Not sure what’s going on. After doing a search on this problem, the only thing I found was something in the manual indicating I was supposed to initially take the charge all the way to zero and then fully charge it.

That sounds like something we had to worry about back in the days of NiCAD batteries, but not Lithium batteries. I rarely go through the manual when I get a new device?

What could be the problem?

This:

The combination of Meshtastic device (BLE MCU + LoRa Radio), power bank and wireless charger is sufficiently complex to warrant documentation which wasn’t written because someone in the Heltec office was bored.

The most likely explanation for cycling the battery is to calibrate the fuel gauge chip. The batteries will be shipped with ~70% charge, most likely as delivered by the battery company to Heltec manufacturing, so the battery % is meaningless until the device sees how much charge a full battery takes.

Thanks for the reply. The battery came almost empty. So this is more about bad calibration of the fuel gauge (because I didn’t RTFM)? Should I then assume it is actually taking a full charge, but just not reading as such?

How can you tell? Until it’s calibrated, the unit is making a vaguely informed guess based on voltage which is based on lookup tables, many hours of R&D plus some secret sauce mostly made up of Horse Manure by PR depts.

No, this is more about NO calibration resulting in the fuel gauge chip not knowing the parameters of the battery it is monitoring. The fuel gauge doesn’t need calibrating.

You can, it’s highly likely, the drop off curve on LiPo’s makes the bottom half of the voltage measured very hard to put a % against. So as the battery would have some charge (storage is normally at 3.6V), you push some charge in, the battery gets full but the fuel gauge chip has only seen 87% and reports that. The gigantic market for battery monitoring has resulted in many low cost voltage sensing mechanisms that, well, need a bit of help getting the numbers right. Whereas more sophisticated coulomb counting gauges may report a %, but if the firmware of the device knows how big the battery is, between them they can report properly without having to empty & then fill up.

I ran extensive tests with a branded premium voltage sensing gauges along side a (different) branded premium coulomb counting gauge and an INA219 voltage/current sensing module with some solar panels this last summer. The voltage sensing unit curve was a big S - it was OK at the top & bottom of the capacity but only vaguely tracked the other sensors. They are better than nothing but they aren’t super accurate.

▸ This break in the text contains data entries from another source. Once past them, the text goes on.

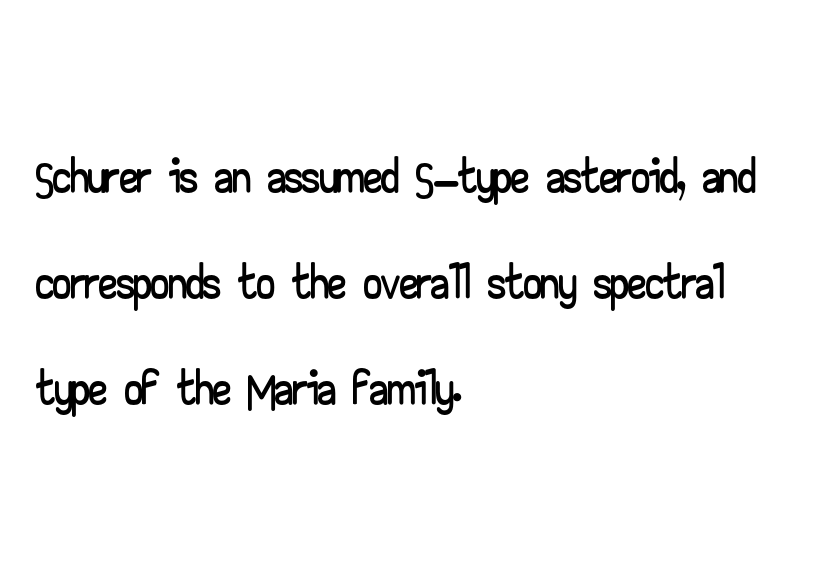
Q: Is the text italic (slanted)? A: No, it is upright.
Q: Is the typeface a serif or a sans-serif typeface? A: Sans-serif.
Q: Is the text underlined? A: No.
Q: How is the paragraph aligned? A: Left-aligned.
Q: Is the spacing between letters normal or unusually wide? A: Normal.
Q: Is the spacing between lines tight, normal or loose? A: Normal.
Q: Width (condensed, normal, or wide)? A: Wide.
Q: Stroke contrast? A: Low.
Q: x-height? A: Small.
Q: Monospaced? A: No.

Given the unit is designed to charge your phone, just let it charge your phone until the MP is flat, your phone will be charged which will give you time to charge up the MP. Job done and you can move on to off-grid encrypted messaging with some reliable indication of state of charge.

Thank you so much for a very thorough explanation. I mean it. Whether or not I resolve this discrepancy, I will start by draining the battery while Qi charging my phone. I’ll then charge the Meshpocket for a long time with a fast charger.

Ultimately, I didn’t buy it to use as a battery bank so regardless of the battery level reading, I have a lovely Lora device whose charge lasts a long time.

I’m running BaseUI on it and I’m enjoying the experience.

Thanks again.

Drained it until I had to wake it from sleep multiple times just to get as far down as possible. Then plugged it in to charge. The led just now stopped flashing green and is solid green, indicating a full charge.

Reads 87%. Oh well.

Bummer.

Due to the screen not updating from the start and the stupidly small foil antenna, mine is so heavily customised that I can’t do a reset to test the out-the-box experience.